[EXERCISE]: Your answer must be an exact copy of the listing.

[INFORMATION SUPPLIED]:
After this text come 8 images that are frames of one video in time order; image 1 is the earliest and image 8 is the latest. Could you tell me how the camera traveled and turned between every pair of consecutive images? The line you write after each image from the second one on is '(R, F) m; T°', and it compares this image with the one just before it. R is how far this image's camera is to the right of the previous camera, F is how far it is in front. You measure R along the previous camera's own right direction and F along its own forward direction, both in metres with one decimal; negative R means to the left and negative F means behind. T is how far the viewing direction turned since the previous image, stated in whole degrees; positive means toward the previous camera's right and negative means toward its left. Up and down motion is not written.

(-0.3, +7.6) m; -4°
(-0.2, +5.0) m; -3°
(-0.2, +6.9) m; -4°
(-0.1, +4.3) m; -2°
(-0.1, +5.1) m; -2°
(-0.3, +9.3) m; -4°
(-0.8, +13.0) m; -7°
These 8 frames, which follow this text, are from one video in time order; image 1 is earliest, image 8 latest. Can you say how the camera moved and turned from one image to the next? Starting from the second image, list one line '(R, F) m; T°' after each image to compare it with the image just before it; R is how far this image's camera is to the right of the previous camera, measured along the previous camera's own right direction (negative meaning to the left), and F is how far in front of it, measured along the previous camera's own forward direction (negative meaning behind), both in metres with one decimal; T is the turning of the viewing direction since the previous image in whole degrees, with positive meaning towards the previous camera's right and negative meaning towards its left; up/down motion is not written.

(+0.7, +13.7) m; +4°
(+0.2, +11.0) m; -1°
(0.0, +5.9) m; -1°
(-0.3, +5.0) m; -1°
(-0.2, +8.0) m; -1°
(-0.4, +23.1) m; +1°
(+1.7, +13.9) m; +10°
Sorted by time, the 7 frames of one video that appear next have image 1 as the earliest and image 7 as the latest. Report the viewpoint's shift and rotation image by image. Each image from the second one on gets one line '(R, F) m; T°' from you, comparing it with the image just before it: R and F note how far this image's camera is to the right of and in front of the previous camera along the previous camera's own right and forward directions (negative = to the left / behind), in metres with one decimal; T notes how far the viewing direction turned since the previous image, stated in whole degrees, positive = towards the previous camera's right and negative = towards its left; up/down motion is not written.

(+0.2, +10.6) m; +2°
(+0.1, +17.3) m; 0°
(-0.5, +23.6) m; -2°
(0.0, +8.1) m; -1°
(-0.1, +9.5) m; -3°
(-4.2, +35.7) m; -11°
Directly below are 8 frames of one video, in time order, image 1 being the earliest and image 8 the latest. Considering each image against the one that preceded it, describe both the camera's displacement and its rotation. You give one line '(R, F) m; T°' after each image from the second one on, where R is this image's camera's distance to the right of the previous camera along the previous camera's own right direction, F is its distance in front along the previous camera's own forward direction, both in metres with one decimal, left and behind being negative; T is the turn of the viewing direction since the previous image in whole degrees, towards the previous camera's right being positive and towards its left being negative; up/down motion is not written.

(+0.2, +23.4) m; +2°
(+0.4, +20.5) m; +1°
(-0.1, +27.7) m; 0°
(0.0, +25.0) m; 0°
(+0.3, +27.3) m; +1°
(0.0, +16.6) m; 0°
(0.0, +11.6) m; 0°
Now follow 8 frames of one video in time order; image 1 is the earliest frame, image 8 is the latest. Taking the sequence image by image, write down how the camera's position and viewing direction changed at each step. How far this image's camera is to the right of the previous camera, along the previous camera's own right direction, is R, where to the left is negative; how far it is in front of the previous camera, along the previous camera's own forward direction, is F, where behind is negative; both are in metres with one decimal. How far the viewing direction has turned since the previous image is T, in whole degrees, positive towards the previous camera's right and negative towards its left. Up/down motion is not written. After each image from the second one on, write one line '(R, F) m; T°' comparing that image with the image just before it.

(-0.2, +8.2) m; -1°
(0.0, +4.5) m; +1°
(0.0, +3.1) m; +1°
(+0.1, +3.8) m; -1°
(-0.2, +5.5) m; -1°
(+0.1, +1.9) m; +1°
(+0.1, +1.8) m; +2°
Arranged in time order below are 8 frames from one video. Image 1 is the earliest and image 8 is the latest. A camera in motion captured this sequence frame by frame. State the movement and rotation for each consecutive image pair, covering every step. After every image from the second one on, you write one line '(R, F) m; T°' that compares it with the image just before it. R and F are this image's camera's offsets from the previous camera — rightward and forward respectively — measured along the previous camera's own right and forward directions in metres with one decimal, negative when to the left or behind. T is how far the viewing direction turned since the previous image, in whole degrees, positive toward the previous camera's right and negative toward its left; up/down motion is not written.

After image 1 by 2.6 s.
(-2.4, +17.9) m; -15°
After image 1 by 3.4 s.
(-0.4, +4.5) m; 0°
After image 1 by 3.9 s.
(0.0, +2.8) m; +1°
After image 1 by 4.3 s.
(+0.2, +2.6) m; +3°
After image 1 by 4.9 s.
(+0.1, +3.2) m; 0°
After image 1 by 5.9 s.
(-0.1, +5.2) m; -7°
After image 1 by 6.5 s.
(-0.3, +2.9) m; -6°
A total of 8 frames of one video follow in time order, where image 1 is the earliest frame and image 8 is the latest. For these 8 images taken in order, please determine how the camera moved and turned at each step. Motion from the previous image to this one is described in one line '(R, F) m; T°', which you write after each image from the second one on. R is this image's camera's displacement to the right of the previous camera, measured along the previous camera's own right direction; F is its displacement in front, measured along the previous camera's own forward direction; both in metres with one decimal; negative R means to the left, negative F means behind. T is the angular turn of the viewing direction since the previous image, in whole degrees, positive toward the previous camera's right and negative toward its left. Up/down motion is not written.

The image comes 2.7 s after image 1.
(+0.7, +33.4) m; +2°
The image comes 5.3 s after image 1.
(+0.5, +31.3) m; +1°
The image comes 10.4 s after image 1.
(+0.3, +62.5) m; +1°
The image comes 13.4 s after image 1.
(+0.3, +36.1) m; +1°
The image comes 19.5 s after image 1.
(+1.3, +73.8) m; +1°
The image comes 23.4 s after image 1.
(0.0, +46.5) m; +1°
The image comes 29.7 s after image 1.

[TASK RESPONSE]:
After this text come 8 images that are frames of one video in time order; image 1 is the earliest and image 8 is the latest. Could you tell me how the camera traveled and turned between every pair of consecutive images? The line you write after each image from the second one on is '(R, F) m; T°', and it compares this image with the one just before it. R is how far this image's camera is to the right of the previous camera, F is how far it is in front. You measure R along the previous camera's own right direction and F along its own forward direction, both in metres with one decimal; negative R means to the left and negative F means behind. T is how far the viewing direction turned since the previous image, stated in whole degrees; positive means toward the previous camera's right and negative means toward its left. Up and down motion is not written.

(-0.3, +7.6) m; -4°
(-0.2, +5.0) m; -3°
(-0.2, +6.9) m; -4°
(-0.1, +4.3) m; -2°
(-0.1, +5.1) m; -2°
(-0.3, +9.3) m; -4°
(-0.8, +13.0) m; -7°
These 8 frames, which follow this text, are from one video in time order; image 1 is earliest, image 8 latest. Can you say how the camera moved and turned from one image to the next? Starting from the second image, list one line '(R, F) m; T°' after each image to compare it with the image just before it; R is how far this image's camera is to the right of the previous camera, measured along the previous camera's own right direction (negative meaning to the left), and F is how far in front of it, measured along the previous camera's own forward direction (negative meaning behind), both in metres with one decimal; T is the turning of the viewing direction since the previous image in whole degrees, with positive meaning towards the previous camera's right and negative meaning towards its left; up/down motion is not written.

(+0.7, +13.7) m; +4°
(+0.2, +11.0) m; -1°
(0.0, +5.9) m; -1°
(-0.3, +5.0) m; -1°
(-0.2, +8.0) m; -1°
(-0.4, +23.1) m; +1°
(+1.7, +13.9) m; +10°
Sorted by time, the 7 frames of one video that appear next have image 1 as the earliest and image 7 as the latest. Report the viewpoint's shift and rotation image by image. Each image from the second one on gets one line '(R, F) m; T°' from you, comparing it with the image just before it: R and F note how far this image's camera is to the right of and in front of the previous camera along the previous camera's own right and forward directions (negative = to the left / behind), in metres with one decimal; T notes how far the viewing direction turned since the previous image, stated in whole degrees, positive = towards the previous camera's right and negative = towards its left; up/down motion is not written.

(+0.2, +10.6) m; +2°
(+0.1, +17.3) m; 0°
(-0.5, +23.6) m; -2°
(0.0, +8.1) m; -1°
(-0.1, +9.5) m; -3°
(-4.2, +35.7) m; -11°
Directly below are 8 frames of one video, in time order, image 1 being the earliest and image 8 the latest. Considering each image against the one that preceded it, describe both the camera's displacement and its rotation. You give one line '(R, F) m; T°' after each image from the second one on, where R is this image's camera's distance to the right of the previous camera along the previous camera's own right direction, F is its distance in front along the previous camera's own forward direction, both in metres with one decimal, left and behind being negative; T is the turn of the viewing direction since the previous image in whole degrees, towards the previous camera's right being positive and towards its left being negative; up/down motion is not written.

(+0.2, +23.4) m; +2°
(+0.4, +20.5) m; +1°
(-0.1, +27.7) m; 0°
(0.0, +25.0) m; 0°
(+0.3, +27.3) m; +1°
(0.0, +16.6) m; 0°
(0.0, +11.6) m; 0°
Now follow 8 frames of one video in time order; image 1 is the earliest frame, image 8 is the latest. Taking the sequence image by image, write down how the camera's position and viewing direction changed at each step. How far this image's camera is to the right of the previous camera, along the previous camera's own right direction, is R, where to the left is negative; how far it is in front of the previous camera, along the previous camera's own forward direction, is F, where behind is negative; both are in metres with one decimal. How far the viewing direction has turned since the previous image is T, in whole degrees, positive towards the previous camera's right and negative towards its left. Up/down motion is not written. After each image from the second one on, write one line '(R, F) m; T°' comparing that image with the image just before it.

(-0.2, +8.2) m; -1°
(0.0, +4.5) m; +1°
(0.0, +3.1) m; +1°
(+0.1, +3.8) m; -1°
(-0.2, +5.5) m; -1°
(+0.1, +1.9) m; +1°
(+0.1, +1.8) m; +2°
Arranged in time order below are 8 frames from one video. Image 1 is the earliest and image 8 is the latest. A camera in motion captured this sequence frame by frame. State the movement and rotation for each consecutive image pair, covering every step. After every image from the second one on, you write one line '(R, F) m; T°' that compares it with the image just before it. R and F are this image's camera's offsets from the previous camera — rightward and forward respectively — measured along the previous camera's own right and forward directions in metres with one decimal, negative when to the left or behind. T is how far the viewing direction turned since the previous image, in whole degrees, positive toward the previous camera's right and negative toward its left; up/down motion is not written.

After image 1 by 2.6 s.
(-2.4, +17.9) m; -15°
After image 1 by 3.4 s.
(-0.4, +4.5) m; 0°
After image 1 by 3.9 s.
(0.0, +2.8) m; +1°
After image 1 by 4.3 s.
(+0.2, +2.6) m; +3°
After image 1 by 4.9 s.
(+0.1, +3.2) m; 0°
After image 1 by 5.9 s.
(-0.1, +5.2) m; -7°
After image 1 by 6.5 s.
(-0.3, +2.9) m; -6°
A total of 8 frames of one video follow in time order, where image 1 is the earliest frame and image 8 is the latest. For these 8 images taken in order, please determine how the camera moved and turned at each step. Motion from the previous image to this one is described in one line '(R, F) m; T°', which you write after each image from the second one on. R is this image's camera's displacement to the right of the previous camera, measured along the previous camera's own right direction; F is its displacement in front, measured along the previous camera's own forward direction; both in metres with one decimal; negative R means to the left, negative F means behind. T is the angular turn of the viewing direction since the previous image, in whole degrees, positive toward the previous camera's right and negative toward its left. Up/down motion is not written.

The image comes 2.7 s after image 1.
(+0.7, +33.4) m; +2°
The image comes 5.3 s after image 1.
(+0.5, +31.3) m; +1°
The image comes 10.4 s after image 1.
(+0.3, +62.5) m; +1°
The image comes 13.4 s after image 1.
(+0.3, +36.1) m; +1°
The image comes 19.5 s after image 1.
(+1.3, +73.8) m; +1°
The image comes 23.4 s after image 1.
(0.0, +46.5) m; +1°
The image comes 29.7 s after image 1.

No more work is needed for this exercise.